An adapter can send a breakpoint event with "reason": "new" or event "reason": "removed" to have the adapter create or remove breakpoints. The one caveat with the 'new' event is that shouldn't send it until there is a 'source' associated with the breakpoint (see https://github.com/microsoft/vscode/blob/d09fd2b5d78e10927937d2b24ee588a6c27b34eb/src/vs/workbench/contrib/debug/browser/debugSession.ts#L1240 for where VSCode creates the breakpoint if it needs to).

I started messing with that locally and have a partial update that removes the need for labels.

jimingham commented 1 week ago

That's a local solution, but I think it's just postponing the inevitable. Any time that a DAP primitive makes two SB API calls in one primitive, and you are allowing other threads to make SB API calls, you have no guarantee that the thing you were trying to do in the primitive was done before some other operation came along and changed state out from under you.

To make this actually stable, you either need to make sure that all the SB API work goes on on a single thread, or you have to be able to ensure that these composite operations get to finish before another thread can change state out from under them.

jimingham commented 1 week ago

It would be nice to represent breakpoints that the user set on the command-line or in their lldbinit files, etc, in the UI. But that's hard in general since you can make fairly odd breakpoint kinds (e.g. backed by Python resolvers with specific key/value arguments) so you have to be able to represent that somehow in the UI. All the breakpoint kinds are serializable, so persistence could be managed even for breakpoint kinds the UI doesn't understand. But how to present them is tricky.

I had some notions in the past of writing a DTD alongside the serialization form (which is JSON) that describes the various breakpoint kinds which dynamic UI's could use to build UI for breakpoint setting, but I haven't gotten around to that yet.

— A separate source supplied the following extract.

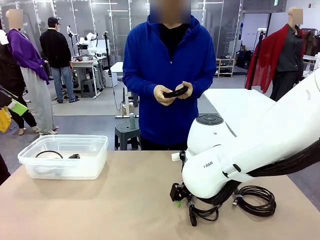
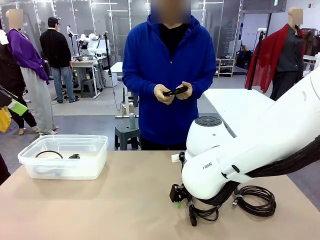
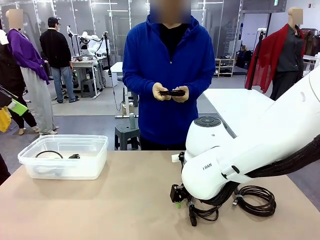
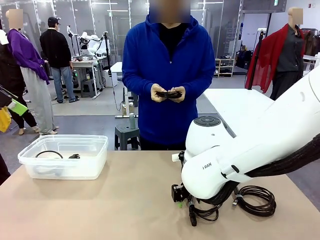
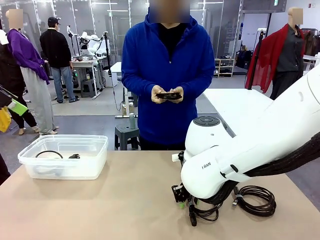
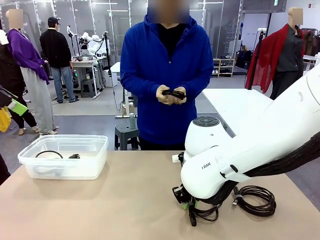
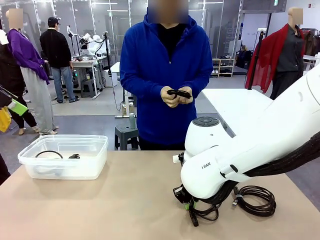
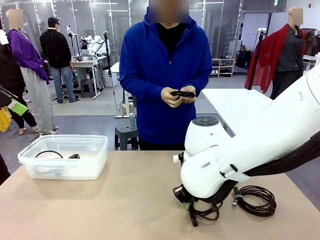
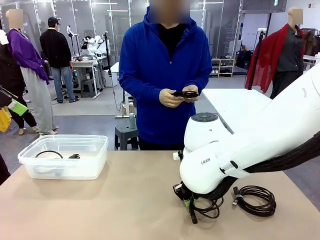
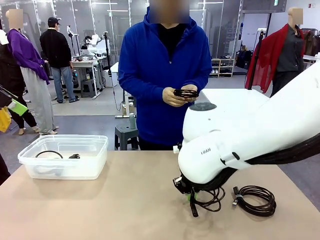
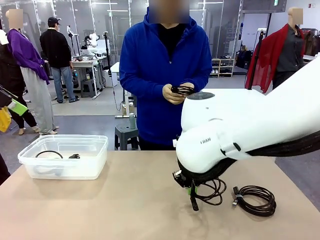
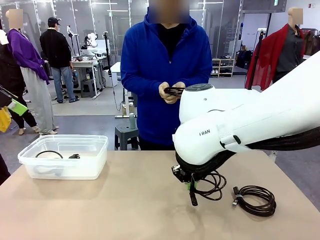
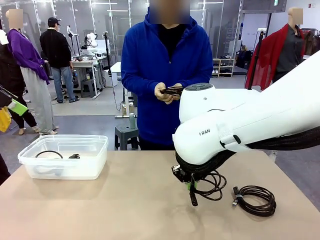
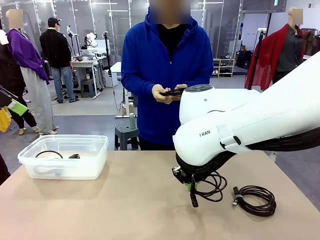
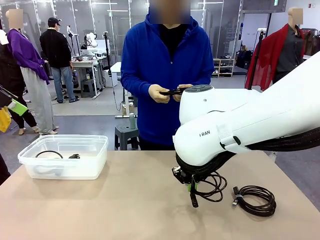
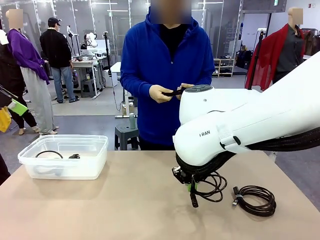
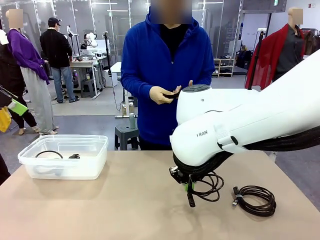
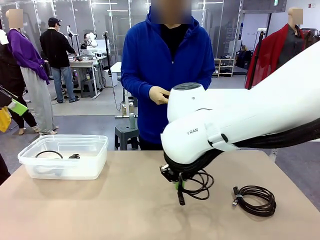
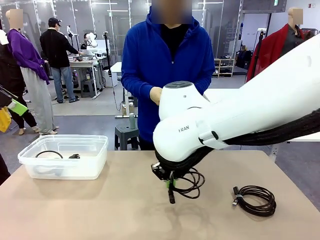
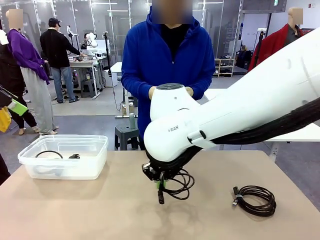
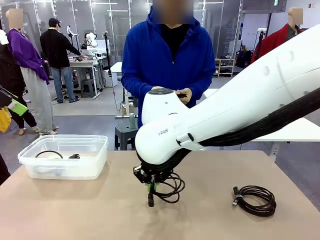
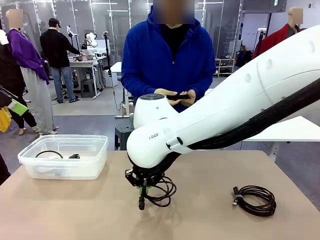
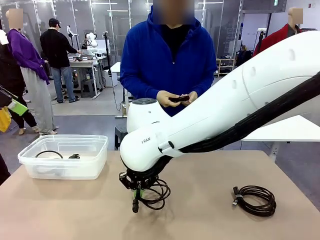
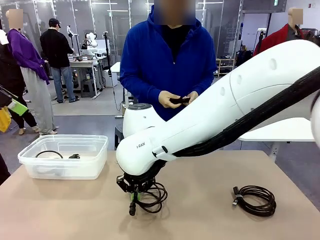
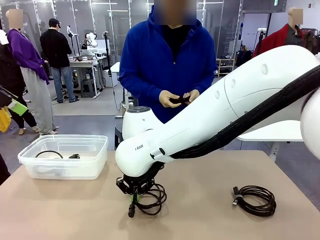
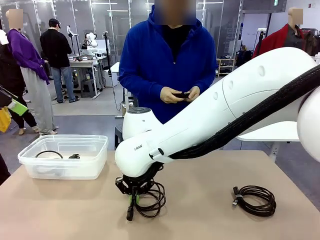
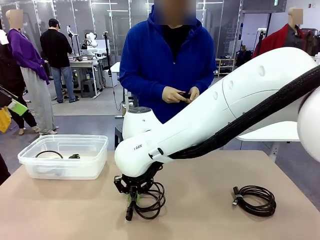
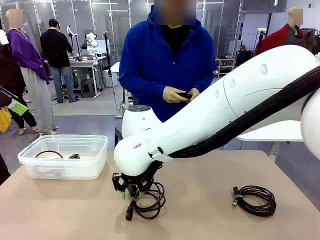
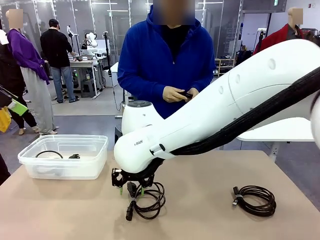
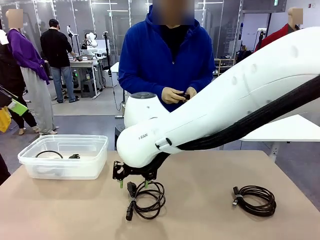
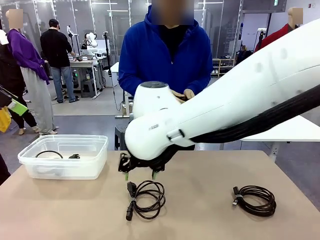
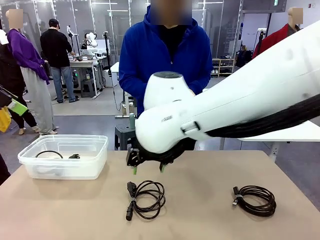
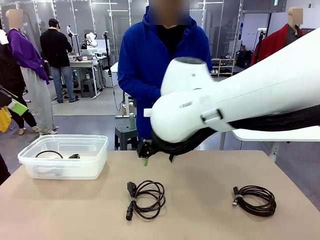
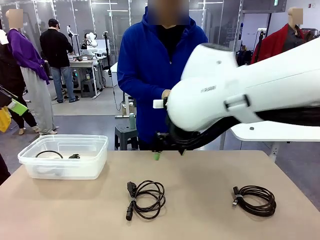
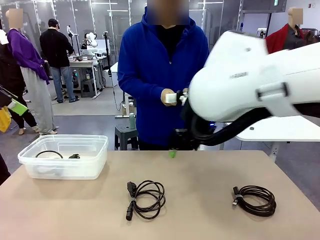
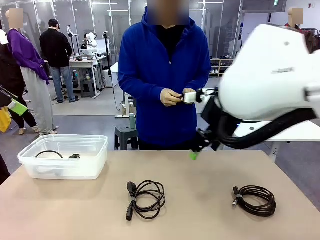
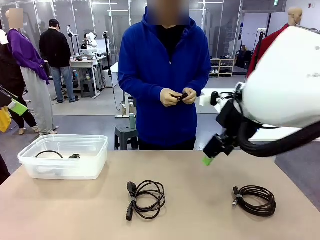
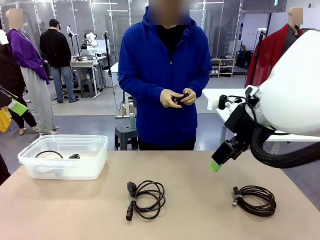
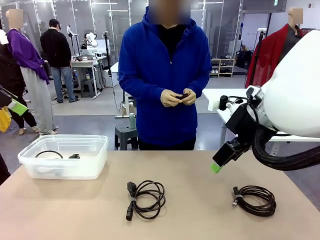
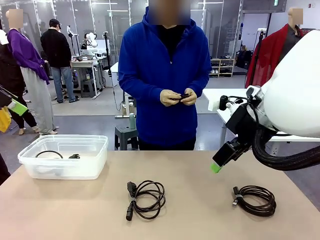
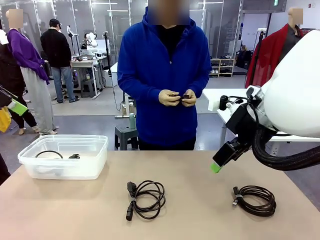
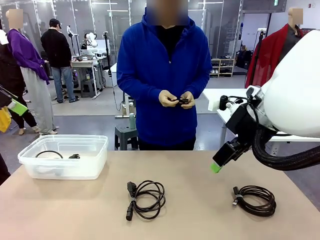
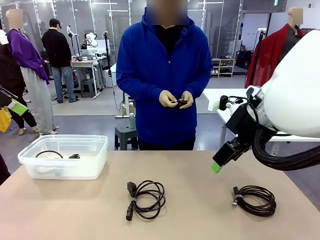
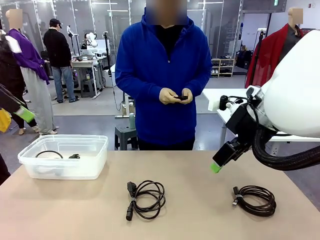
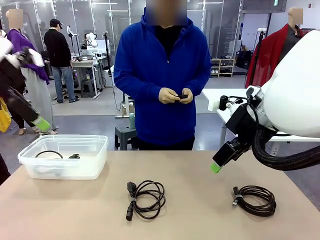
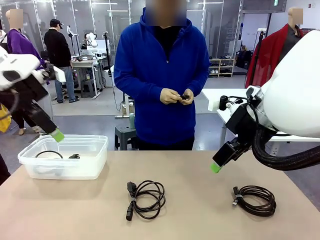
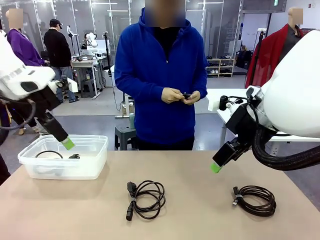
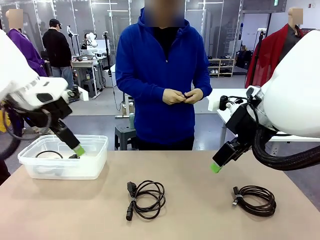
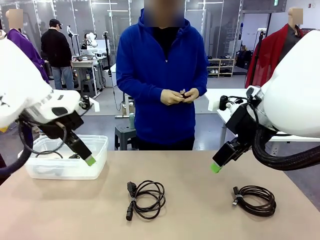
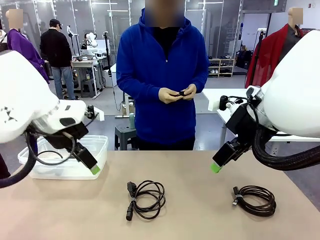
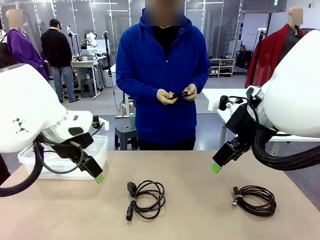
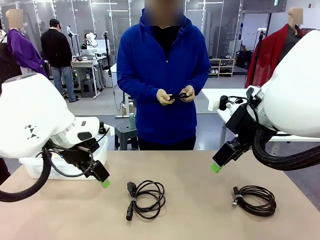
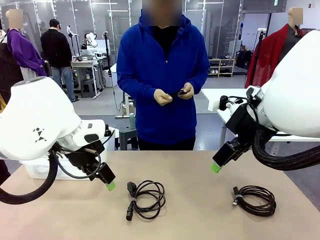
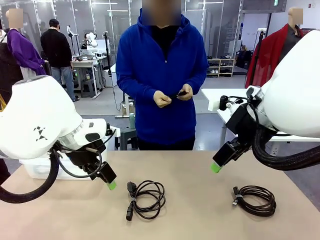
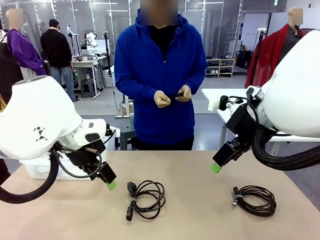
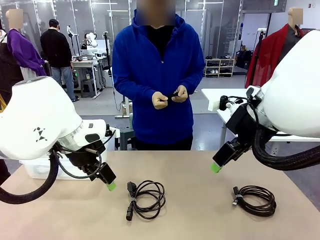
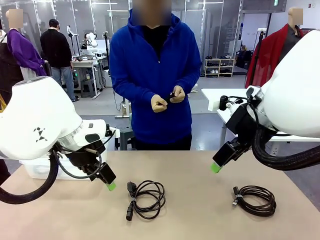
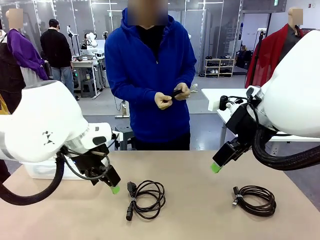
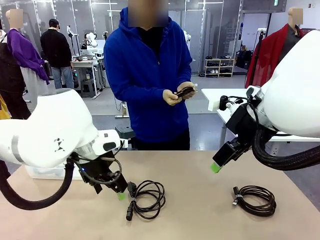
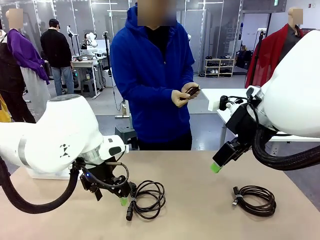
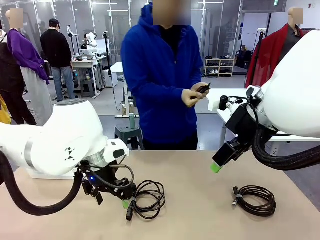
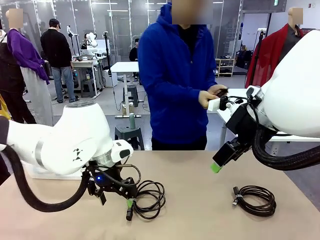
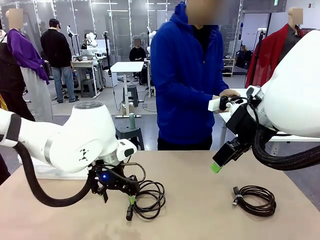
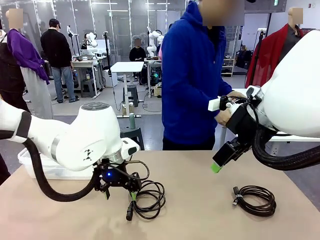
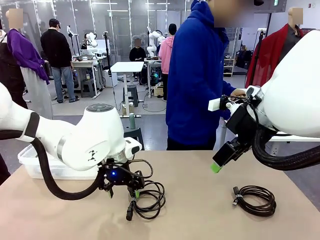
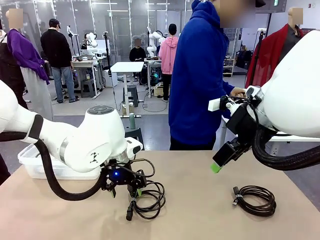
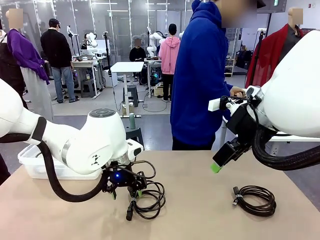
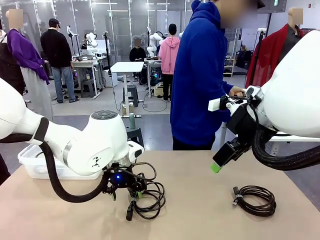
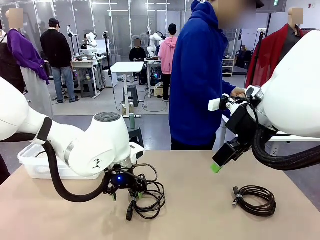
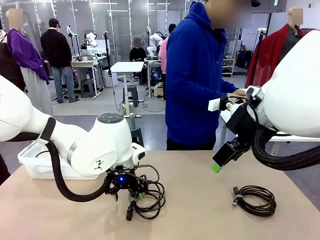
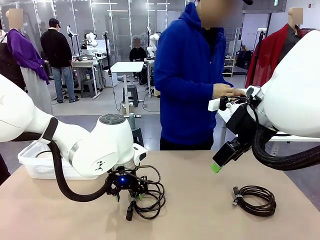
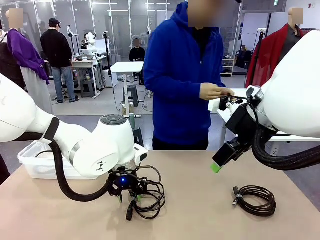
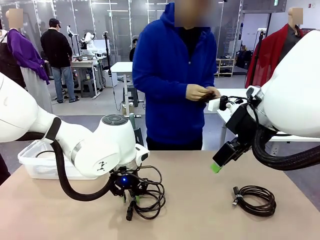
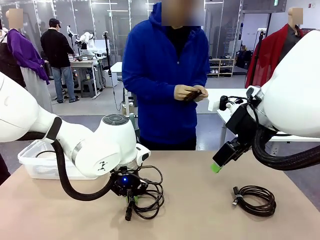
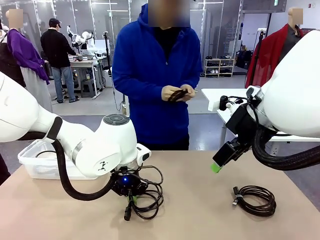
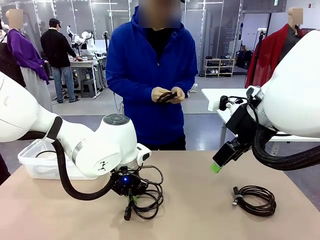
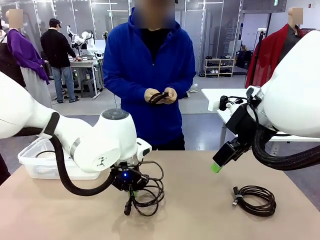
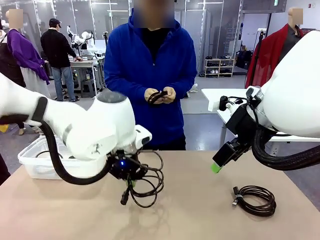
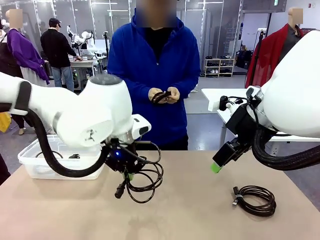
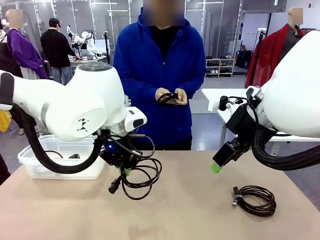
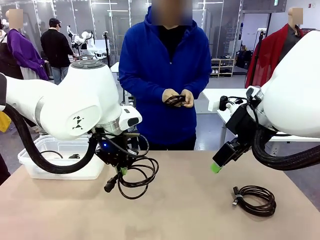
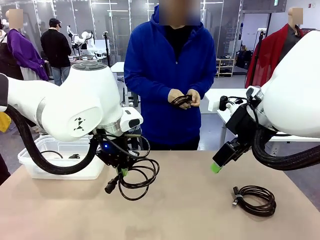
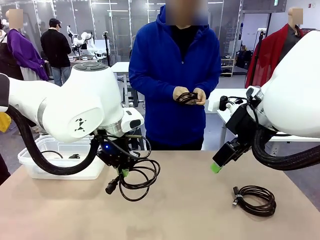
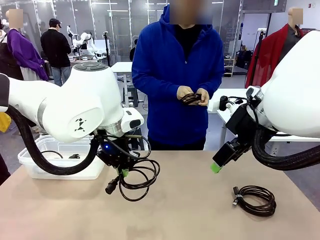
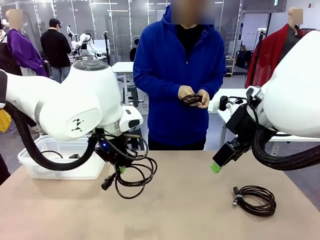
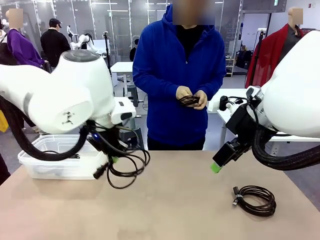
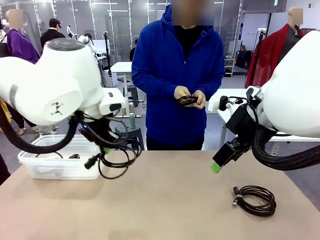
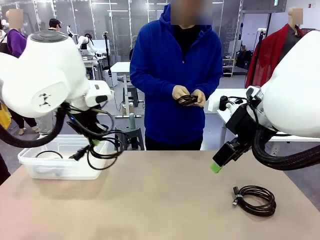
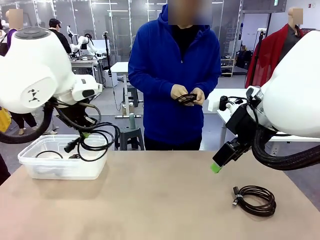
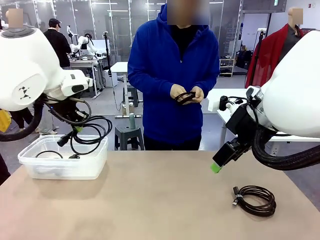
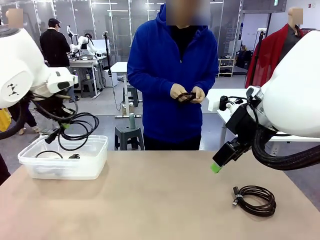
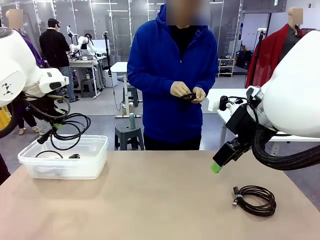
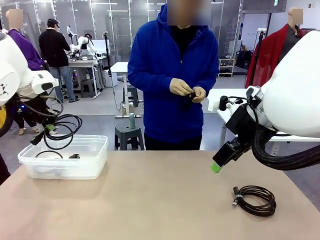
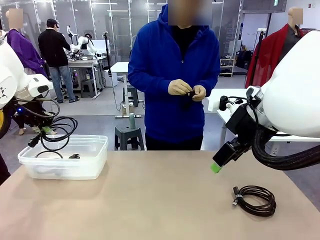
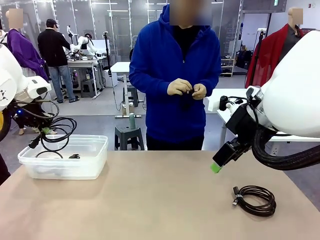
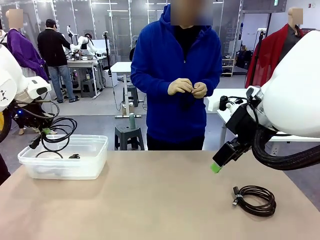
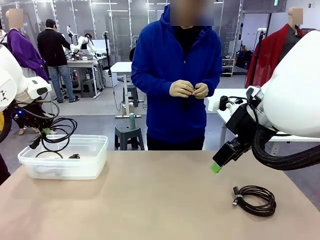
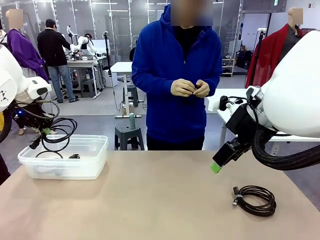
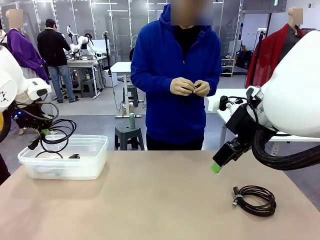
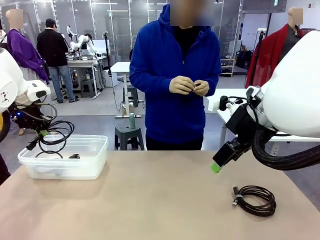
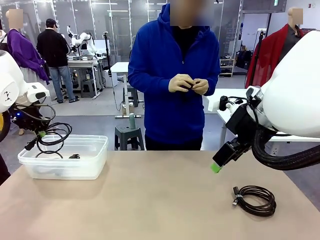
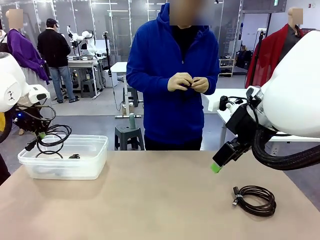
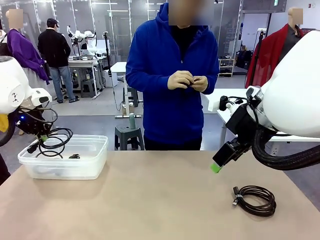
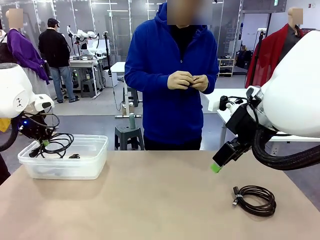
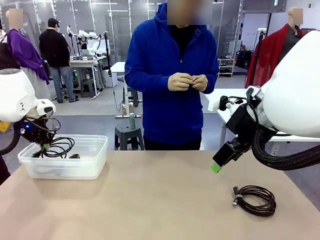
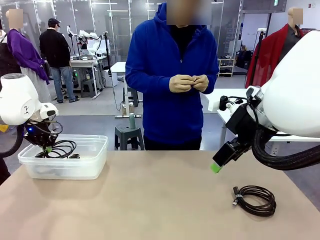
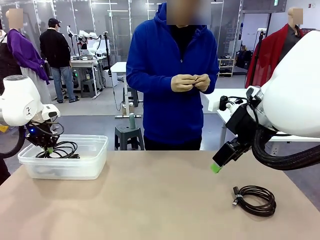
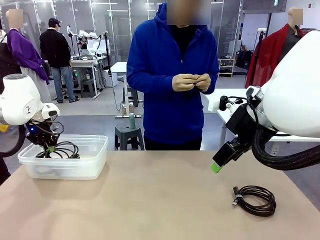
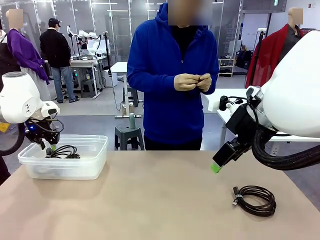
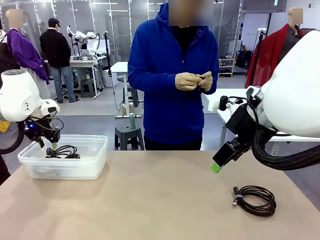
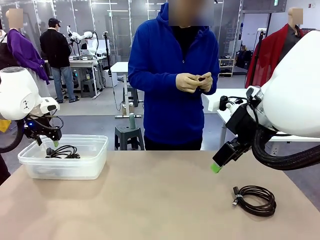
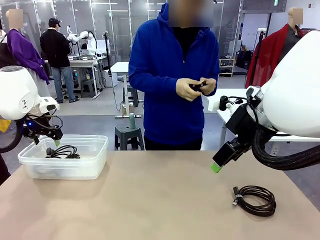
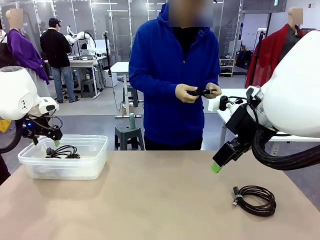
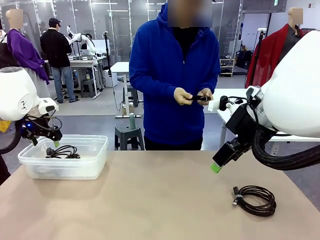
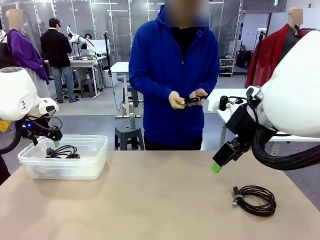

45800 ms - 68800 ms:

JDevlieghere commented 1 week ago

This sounds like the same issue in #130863

Ha, I really regret not seeing that issue earlier. You even tagged me. I need to check why this didn't show up in my inbox.

I wonder if we actually need the label or if we could send other breakpoint events.

I agree that'd be nice , but that's working around the issue. It's just a matter of time before we have another call in the event or progress thread that will run into this and as illustrated by both of our issues, it's not trivial to debug. We should figure out the synchronization regardless of whether we decide to keep using the label.